### [SUPPLIED MATERIAL]
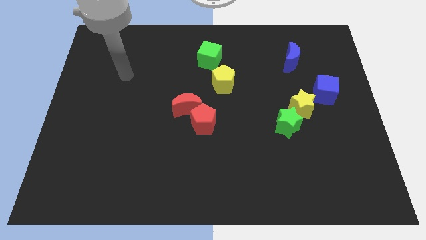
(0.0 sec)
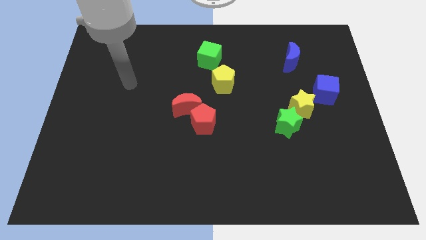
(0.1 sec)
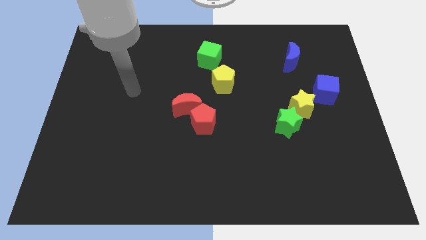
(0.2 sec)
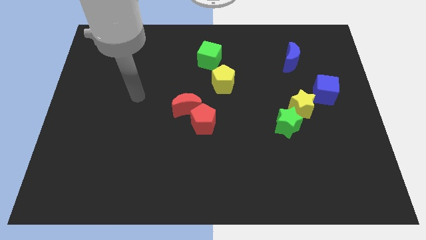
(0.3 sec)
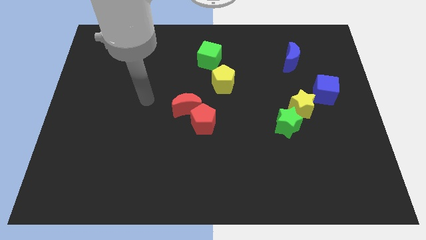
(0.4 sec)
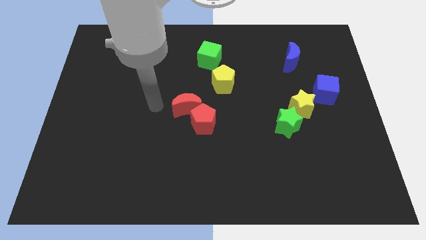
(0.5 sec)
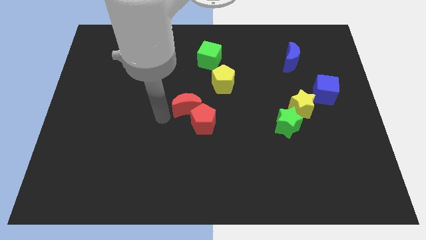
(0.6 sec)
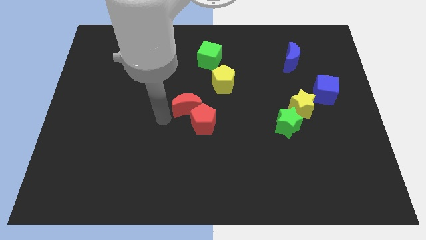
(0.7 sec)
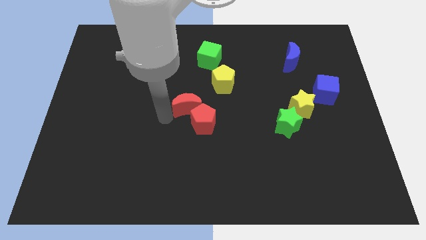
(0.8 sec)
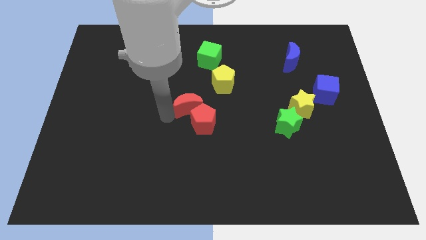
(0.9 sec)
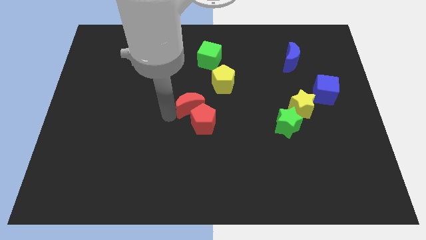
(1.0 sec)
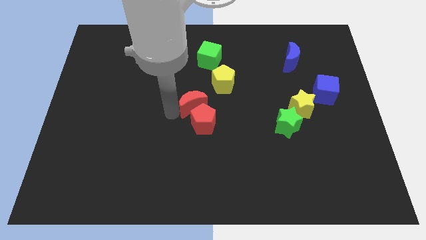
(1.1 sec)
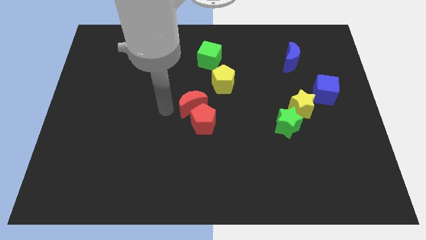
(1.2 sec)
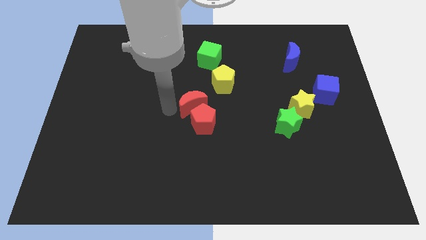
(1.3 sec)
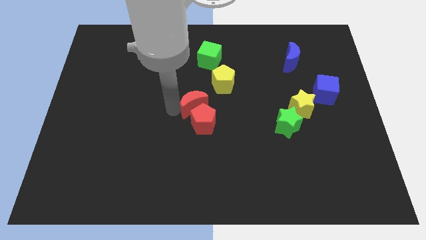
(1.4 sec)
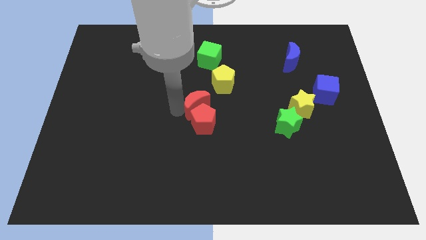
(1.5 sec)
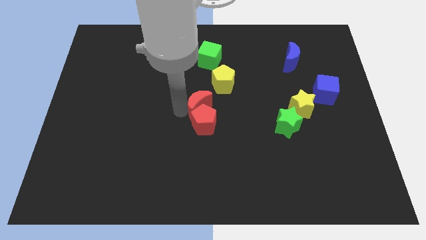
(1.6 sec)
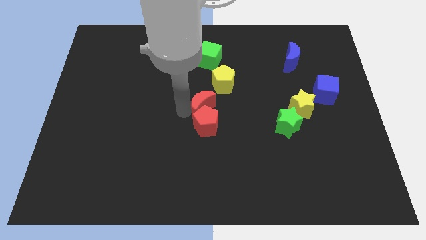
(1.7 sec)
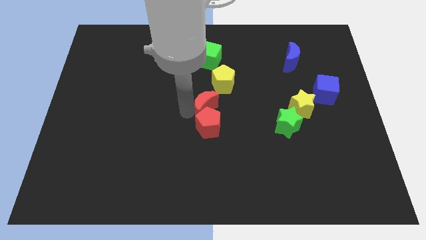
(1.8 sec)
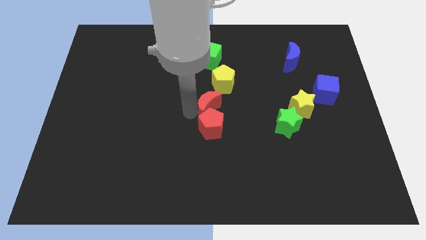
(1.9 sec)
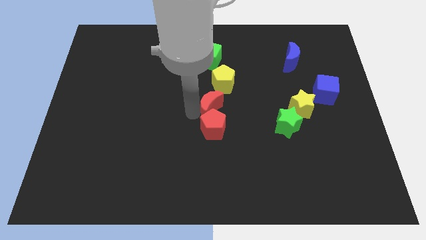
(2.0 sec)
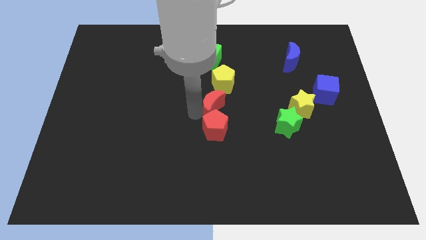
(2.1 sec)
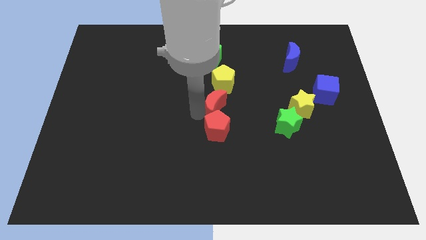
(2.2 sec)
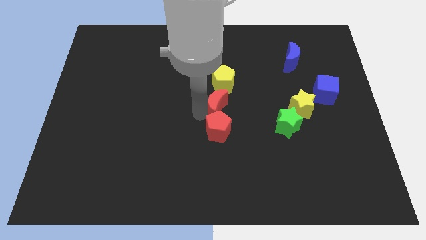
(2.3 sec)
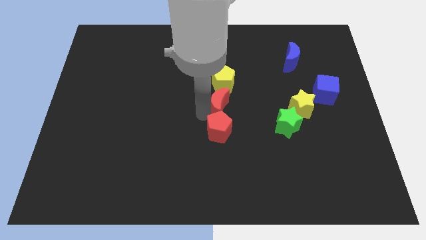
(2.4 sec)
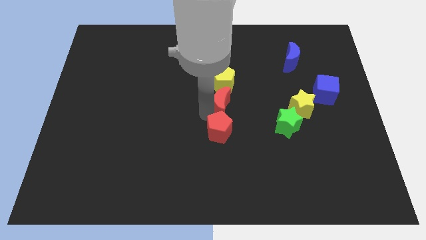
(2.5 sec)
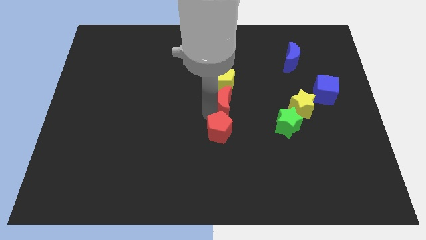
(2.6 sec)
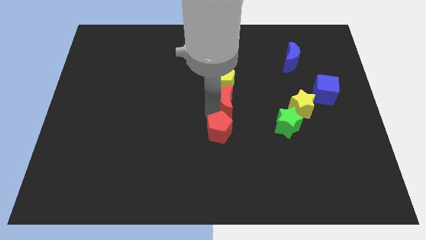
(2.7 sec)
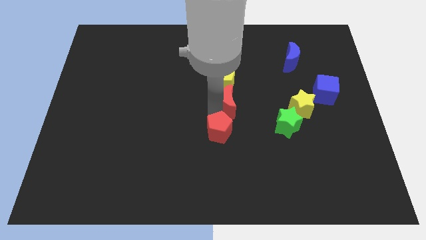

### [WHAT YOU ARE ASKED TO DO]
Each line above is to be copied verbatim. Drop any image from the copy.

### [EXERCISE RESULT]
(0.0 sec)
(0.1 sec)
(0.2 sec)
(0.3 sec)
(0.4 sec)
(0.5 sec)
(0.6 sec)
(0.7 sec)
(0.8 sec)
(0.9 sec)
(1.0 sec)
(1.1 sec)
(1.2 sec)
(1.3 sec)
(1.4 sec)
(1.5 sec)
(1.6 sec)
(1.7 sec)
(1.8 sec)
(1.9 sec)
(2.0 sec)
(2.1 sec)
(2.2 sec)
(2.3 sec)
(2.4 sec)
(2.5 sec)
(2.6 sec)
(2.7 sec)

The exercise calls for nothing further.